Now we have all the tools to setup an experiment. The main item to be careful of is ensuring that stochastic gradient descent reaches the same loss as batch gradient descent. Otherwise, we may be training for a shorter time but receiving a poorer model.

def time_gradient_descent(
        sizes: list[int],
        epochs: int=50,
        learning_rate: float=0.05,
        batch_size: int=32,
) -> pd.DataFrame:
    times = {'Size': sizes, 'Batch': [], 'Stochastic': []}
    for size in sizes:
        X, y = prepare_data(df, size)
        
        # Batch Gradient Descent
        t_start = time.perf_counter()
        _, batch_losses = batch_gradient_descent(
            X, y,
            epochs=epochs,
            learning_rate=learning_rate,
        )
        t_end = time.perf_counter()
        times['Batch'].append(t_end - t_start)

        # Stochastic Gradient Descent
        t_start = time.perf_counter()
        _ = stochastic_gradient_descent(
            X, y,
            epochs=10_000,
            learning_rate=learning_rate,
            batch_size=batch_size,
            early_stopping_loss=np.min(batch_losses)
        )
        t_end = time.perf_counter()
        times['Stochastic'].append(t_end - t_start)
    
    return pd.DataFrame(times)

To add additional stability, we can run our experiment several times and take the mean of the results:

sizes = list(range(1000, 50000 + 1, 1000))
n_simulations = 20
dataframes = []

for _ in range(n_simulations):
    dataframes.append(time_gradient_descent(sizes))

times_data = pd.concat(dataframes).groupby('Size', as_index=False).mean()

Finally, let’s see how the algorithms performed!

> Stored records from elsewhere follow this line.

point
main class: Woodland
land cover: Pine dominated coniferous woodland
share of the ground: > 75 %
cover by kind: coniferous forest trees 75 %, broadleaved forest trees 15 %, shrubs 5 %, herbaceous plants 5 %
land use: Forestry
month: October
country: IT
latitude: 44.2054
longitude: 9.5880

fig, ax = plt.subplots(figsize=(12, 8))
times_data.plot(x='Size', y='Batch', ax=ax, logy=True)
times_data.plot(x='Size', y='Stochastic', ax=ax, logy=True)
ax.set_xlabel('Number of Samples')
ax.set_ylabel('Training Time (ms)')
ax.set_xlim(0)
ax.legend()
ax.set_title('Training Time of Batch vs. Stochastic Gradient Descent')
plt.show()

Conclusion

It’s quite incredible that stochastic gradient descent ran this much faster than batch gradient descent. Originally, I had expected to see an optimal point: a crossing of the two curves that indicates the point where batch gradient descent isn’t worth it and stochastic gradient descent becomes a better option. Instead, it looks like nearly always, stochastic gradient descent takes the cake.

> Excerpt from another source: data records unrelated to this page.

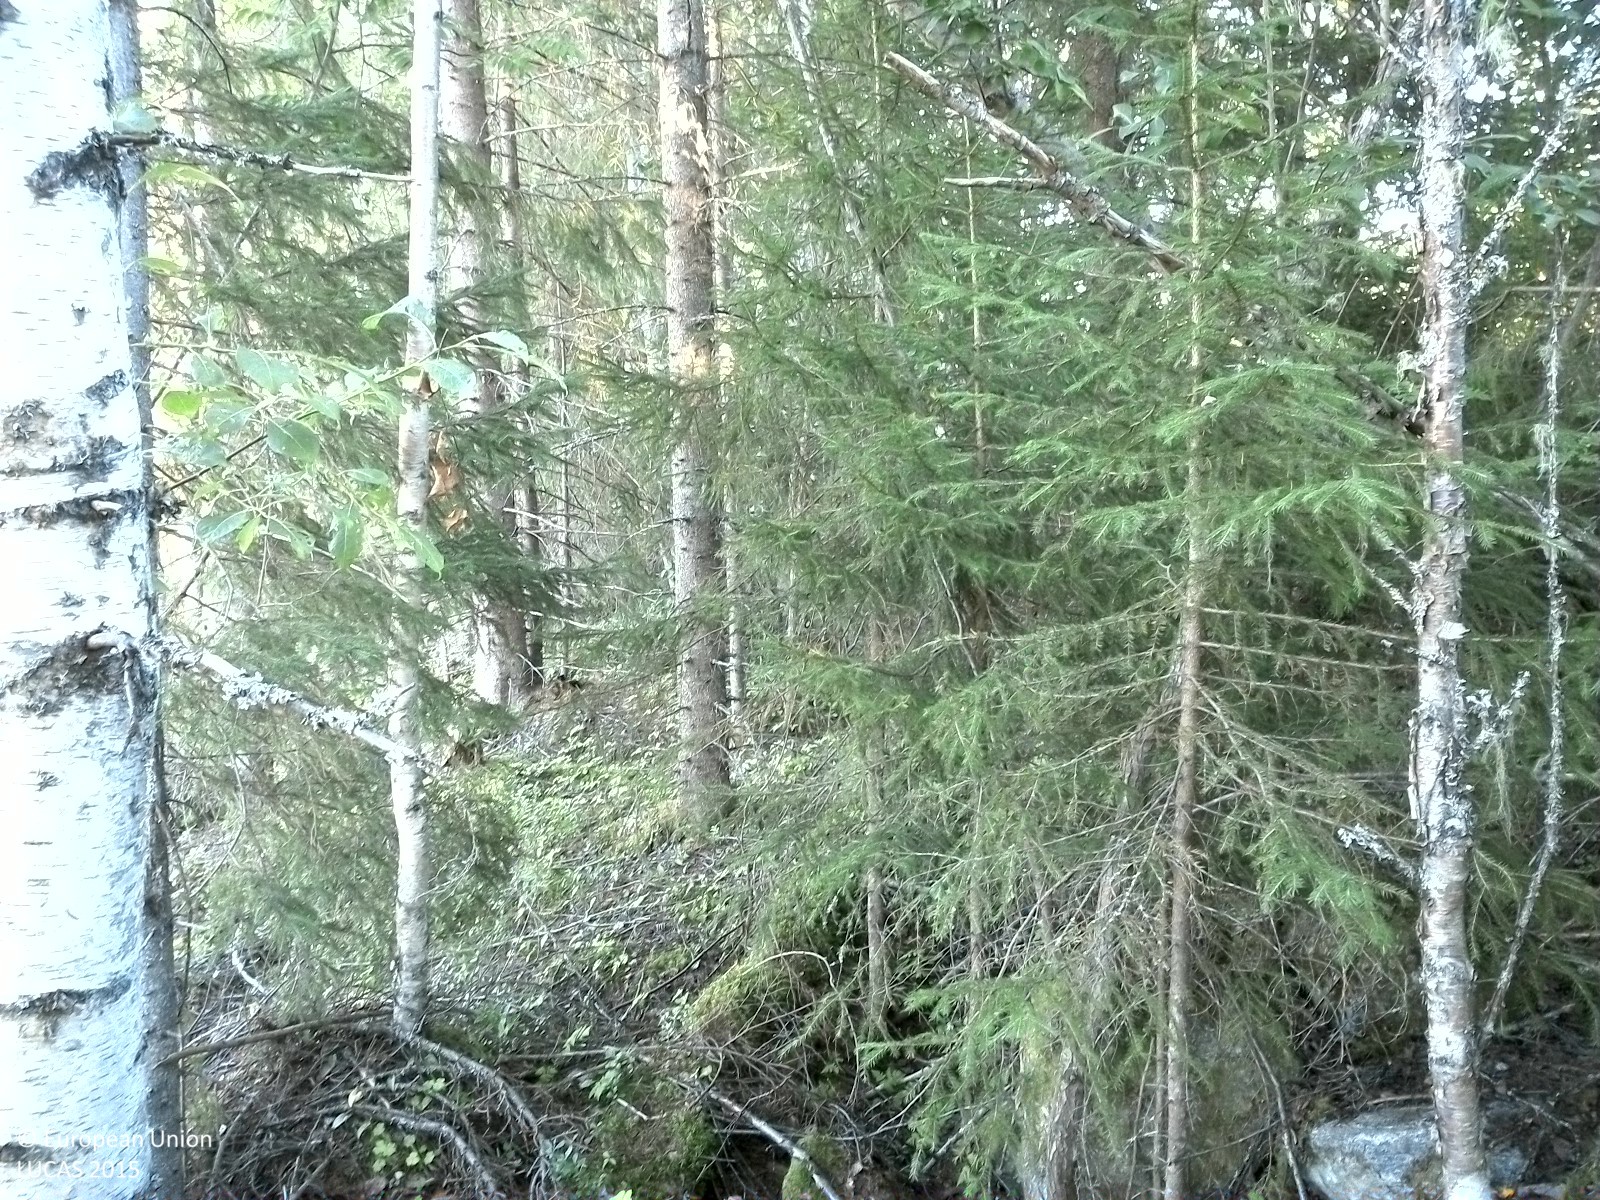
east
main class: Woodland
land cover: Spruce dominated mixed woodland
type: boreal forest
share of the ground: > 75 %
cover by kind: broadleaved forest trees 40 %, coniferous forest trees 35 %, lichens and mosses 15 %, herbaceous plants 10 %
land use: Forestry
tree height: > 5 m
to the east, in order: Spruce dominated mixed woodland; Shrubland without tree cover; Spruce dominated mixed woodland; Other mixed woodland
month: August
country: SE
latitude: 62.3850
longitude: 16.4194

The most peculiar finding is the sudden jump in training time for batch gradient descent, at around 26,000 samples. This baffled me for a while, as I expected a smooth transition of training time as a function of sample size. However, after re-running this several times, I kept getting the same result. After a bit of research, I found some enlightening information.

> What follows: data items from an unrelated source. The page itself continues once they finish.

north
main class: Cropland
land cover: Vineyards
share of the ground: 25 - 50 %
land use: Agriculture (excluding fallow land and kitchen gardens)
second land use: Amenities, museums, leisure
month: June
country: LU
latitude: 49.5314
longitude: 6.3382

The jump in training time for batch gradient descent can likely be attributed to memory allocation. Up through around 26k rows, the arrays neatly fit into our CPU cache (L2/L3). At around 27k rows, the matrix-vector multiplications no longer fully fit in the cache, forcing far more frequent main memory access. This produced a sudden slowdown, requiring a change in the backend algorithm, ultimately affecting the performance.

While I started this with the intent of understanding batch gradient descent, it also provided an insightful lesson in the backend nuances of Numpy.